The Las Vegas concert massacre is bringing back chilling memories for a Mineola woman who knows firsthand what it's like to lose a loved one in a mass shooting.
Joyce Gorycki's husband, 51-year-old James Gorycki, was murdered by gunman Colin Ferguson, who opened fire on passengers aboard a Long Island Rail Road train back in December of 1993. Six people were killed and 19 were wounded in that shooting.
Joyce Gorycki says she will fight until the day she dies for gun safety. She says she’s not opposed to people having guns, but she is opposed to high-powered rifles. As the chairperson for the group New Yorkers Against Gun Violence, Gorycki says she is constantly fighting for safety measures to be put in place in the state and across the nation.
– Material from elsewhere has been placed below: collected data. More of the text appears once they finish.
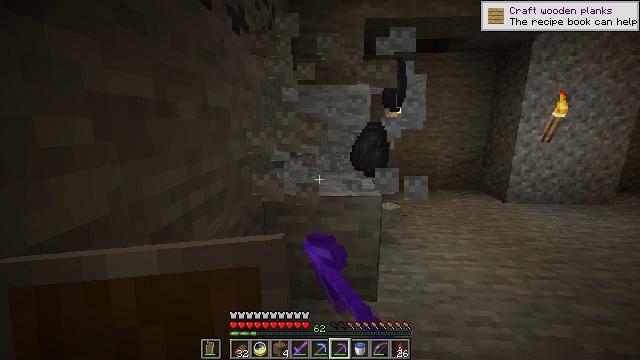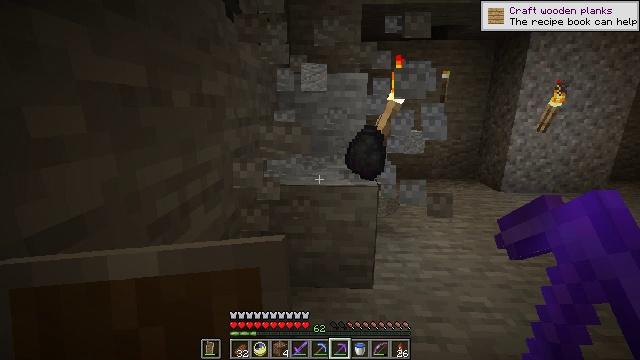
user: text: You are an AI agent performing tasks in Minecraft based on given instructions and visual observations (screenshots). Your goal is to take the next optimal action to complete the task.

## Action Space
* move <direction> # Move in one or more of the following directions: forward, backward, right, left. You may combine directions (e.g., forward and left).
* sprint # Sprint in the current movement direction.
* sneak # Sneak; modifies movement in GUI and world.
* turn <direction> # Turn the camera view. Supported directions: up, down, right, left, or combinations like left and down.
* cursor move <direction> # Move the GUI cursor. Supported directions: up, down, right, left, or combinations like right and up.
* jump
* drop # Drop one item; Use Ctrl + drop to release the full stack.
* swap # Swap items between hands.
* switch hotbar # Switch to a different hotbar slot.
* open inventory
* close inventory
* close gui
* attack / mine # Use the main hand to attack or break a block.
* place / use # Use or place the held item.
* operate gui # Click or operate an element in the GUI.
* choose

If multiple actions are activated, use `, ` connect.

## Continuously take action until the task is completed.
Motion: motion action
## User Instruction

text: Attack the andesite block to gather it.
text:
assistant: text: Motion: turn down, attack / mine
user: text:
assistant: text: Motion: attack / mine

Gorycki says now is the time for metal detectors to be installed in hotels.
"This is the way it's gotta go, otherwise more and more people will get killed," she says. "When is America going to wake up? I'm waiting."
At Coliseum Gun Traders in Uniondale, a shop that buys, sells and trades guns, the owner says that what happened in Nevada could not have been prevented.
"Someone who is on a mission, they are going to figure out how to do it," says owner Andrew Chernoff. "Take one tool away from a person and they'll invent another tool."
Kevin Bales, of Uniondale, was in the shop Monday to trade in some of his dad's guns. He says guns are not the problem, but it's the people behind them and their mental health issues that need to be addressed.
Gorycki says she wonders when the violence will end.